About this exercise:
Only one span of the listing below is wanted: the lines from the one with "land cover: Grassland" through the one with "longitude: 22.0338", reproduced exactly, both ends kept.

Information provided:
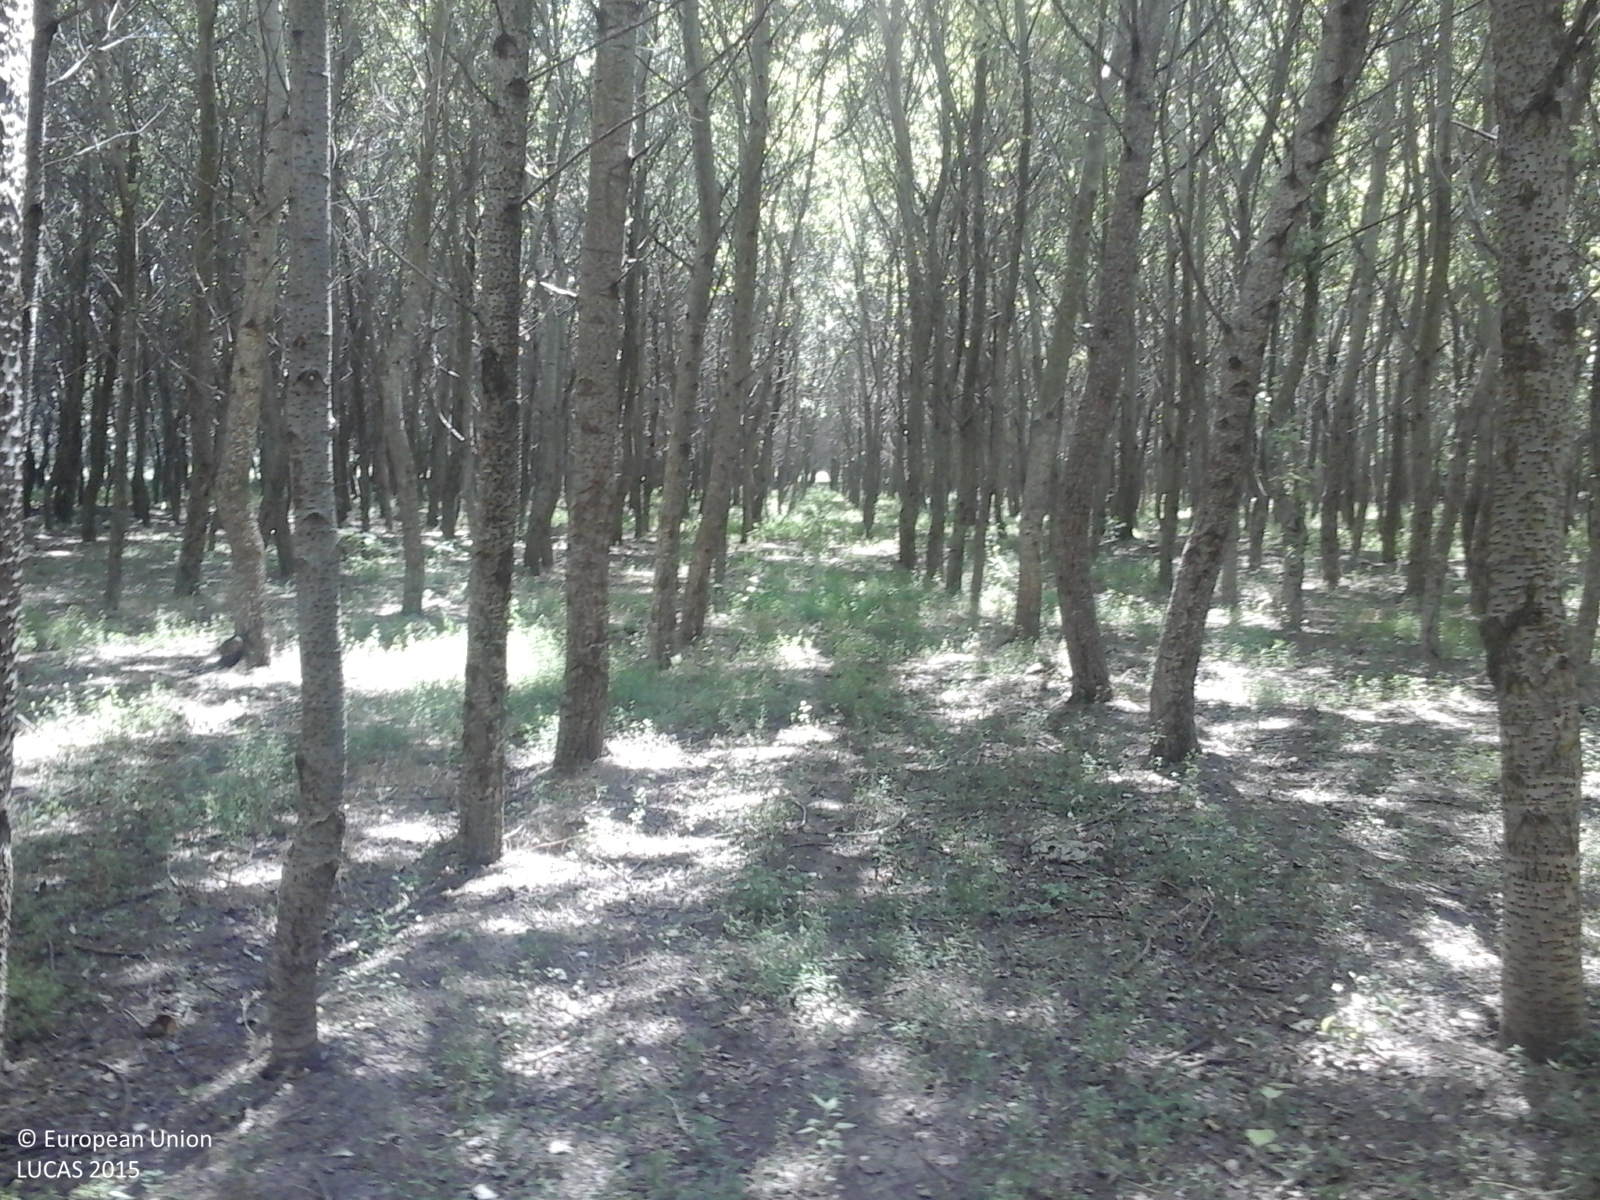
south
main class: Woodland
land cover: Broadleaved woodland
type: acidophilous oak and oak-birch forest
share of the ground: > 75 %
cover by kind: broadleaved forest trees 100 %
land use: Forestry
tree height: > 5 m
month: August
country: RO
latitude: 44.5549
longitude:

---

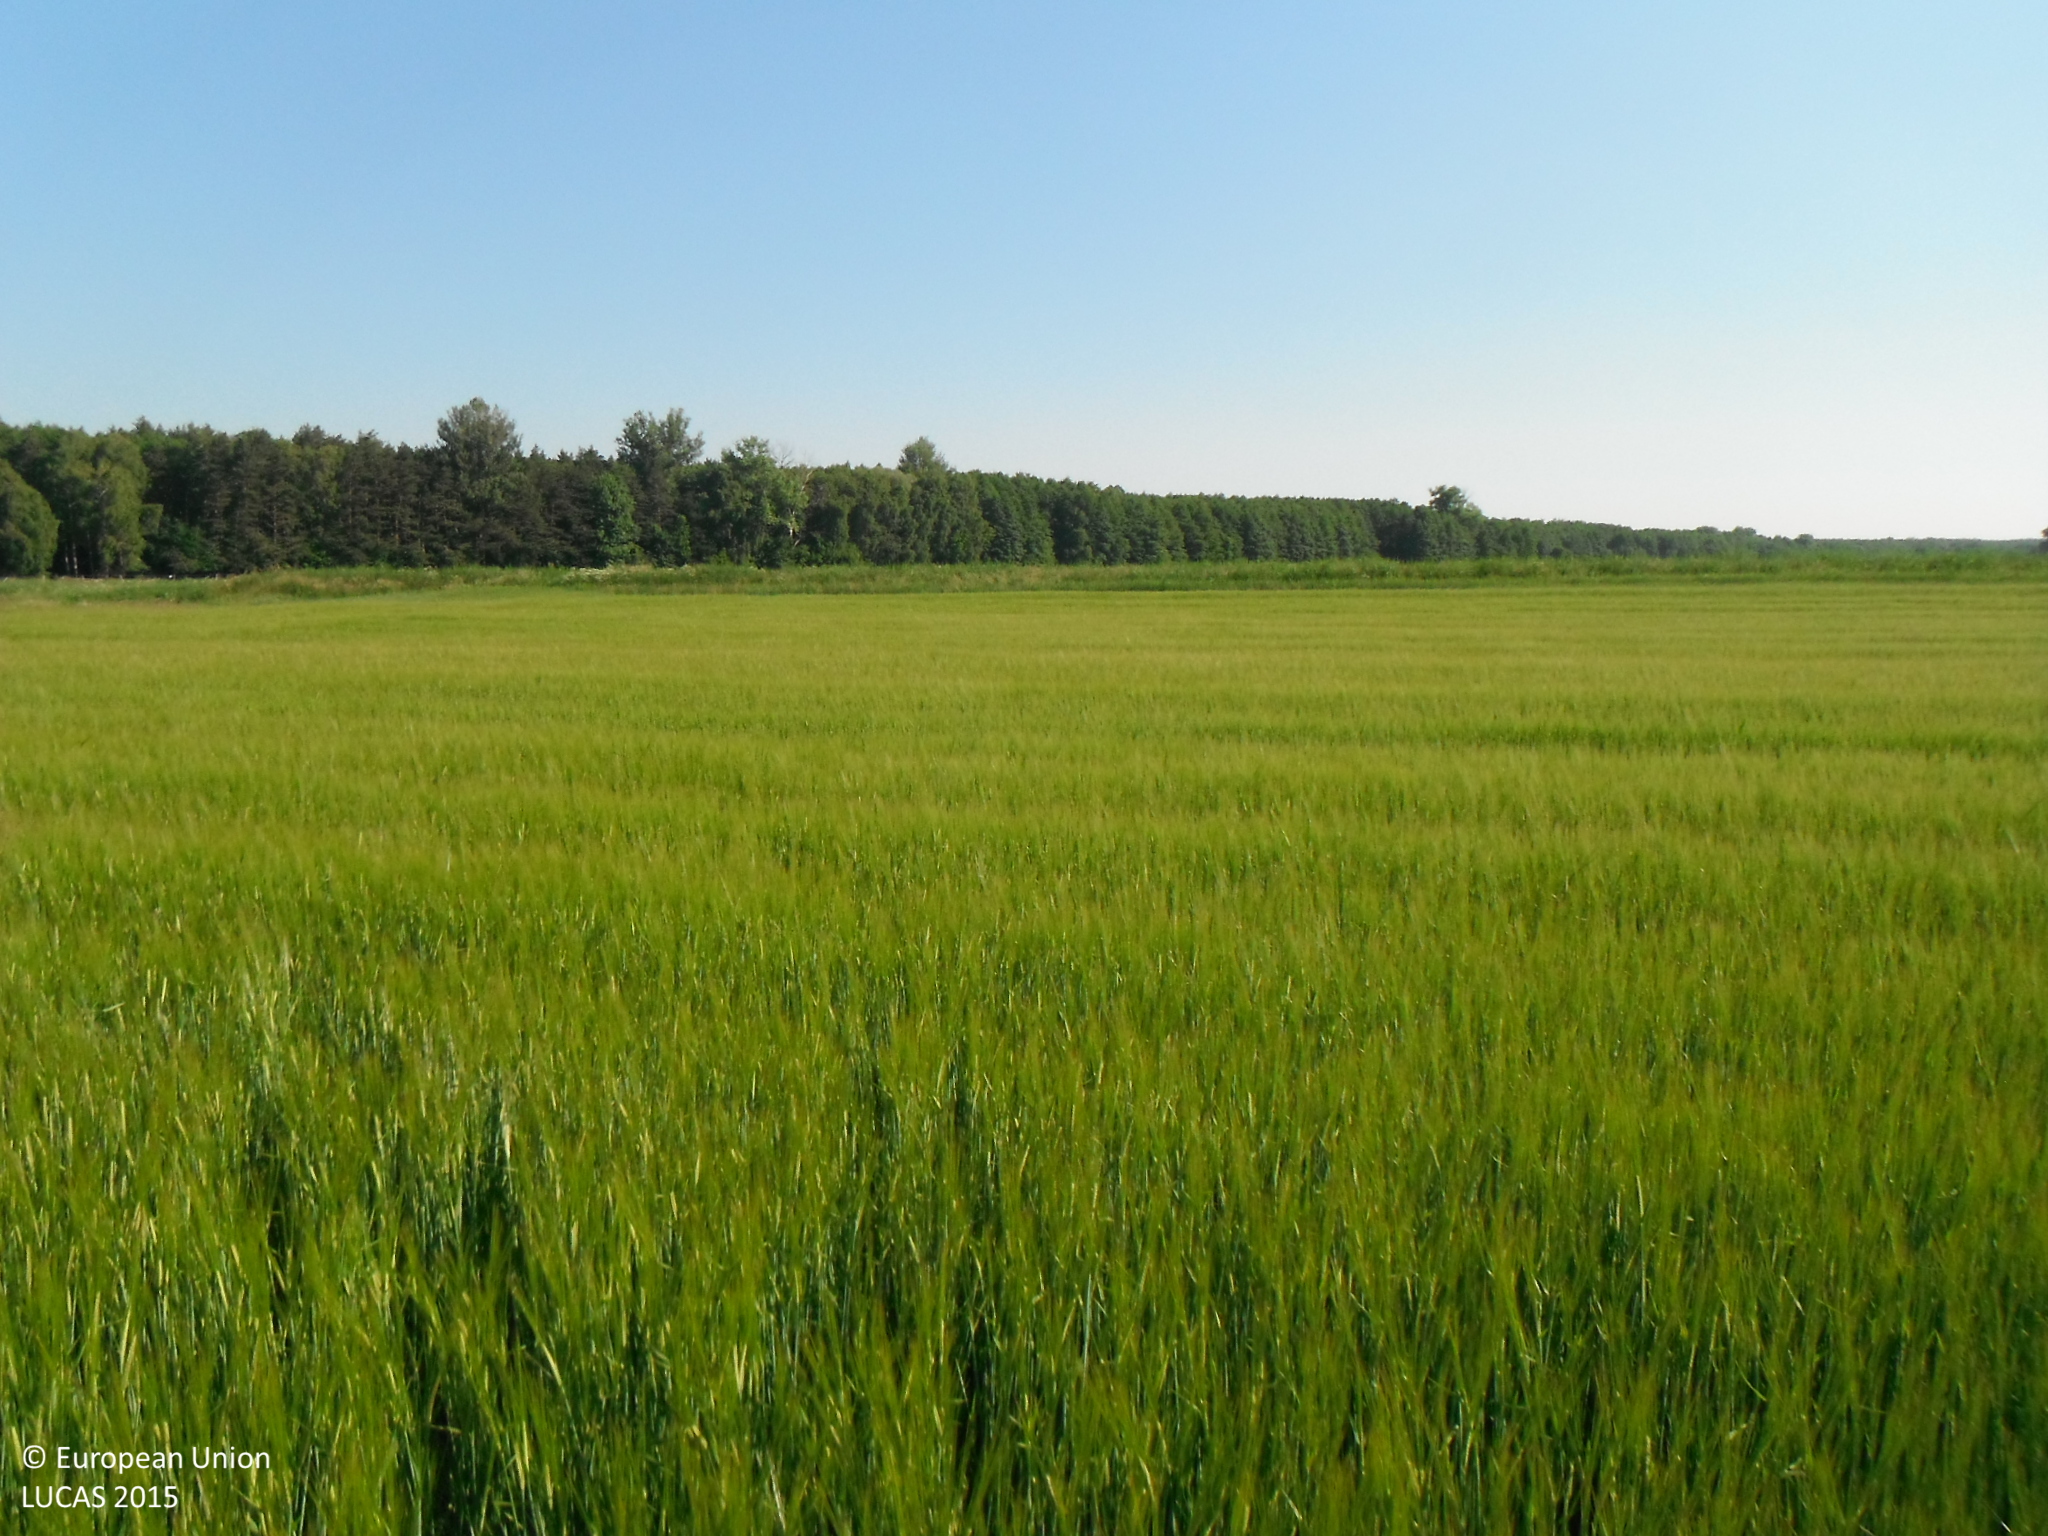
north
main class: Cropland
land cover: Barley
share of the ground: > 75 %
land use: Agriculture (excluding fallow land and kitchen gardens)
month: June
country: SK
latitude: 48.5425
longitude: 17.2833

--

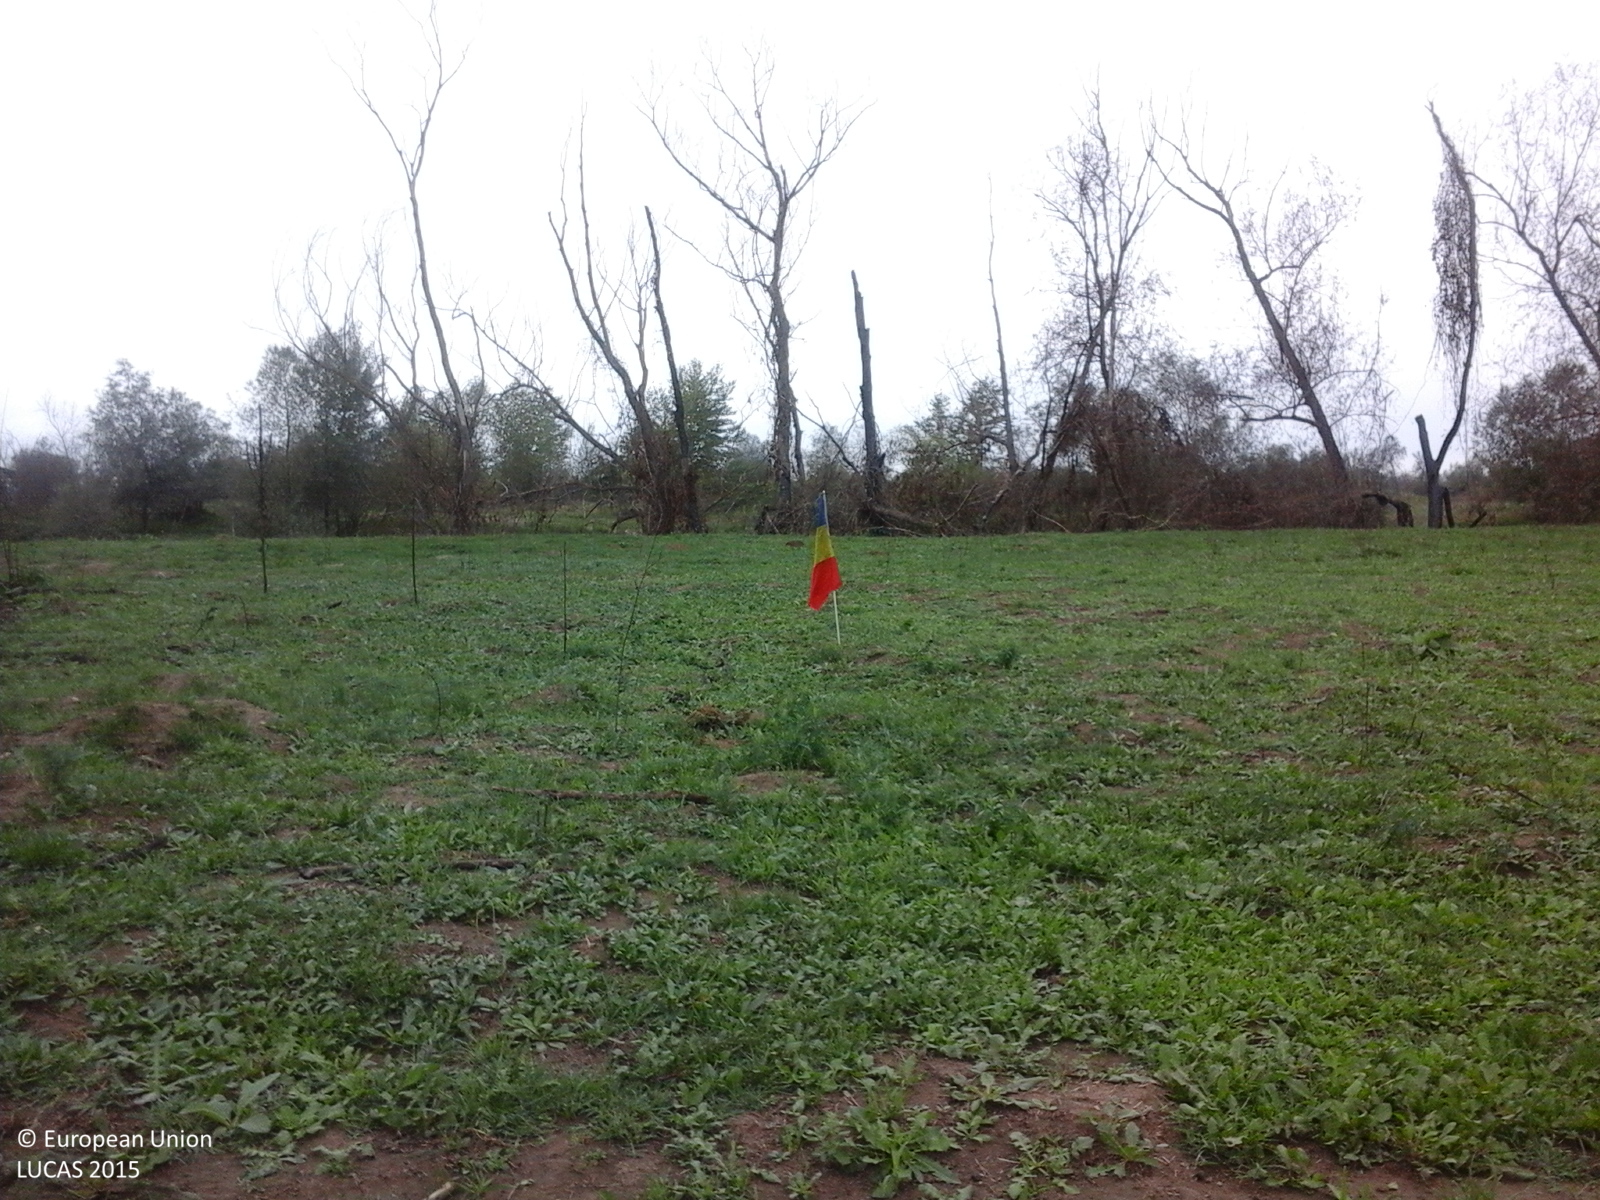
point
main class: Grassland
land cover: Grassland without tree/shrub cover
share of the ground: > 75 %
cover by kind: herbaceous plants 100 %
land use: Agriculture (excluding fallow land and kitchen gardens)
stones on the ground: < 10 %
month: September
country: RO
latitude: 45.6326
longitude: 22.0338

Output of the task:
land cover: Grassland without tree/shrub cover
share of the ground: > 75 %
cover by kind: herbaceous plants 100 %
land use: Agriculture (excluding fallow land and kitchen gardens)
stones on the ground: < 10 %
month: September
country: RO
latitude: 45.6326
longitude: 22.0338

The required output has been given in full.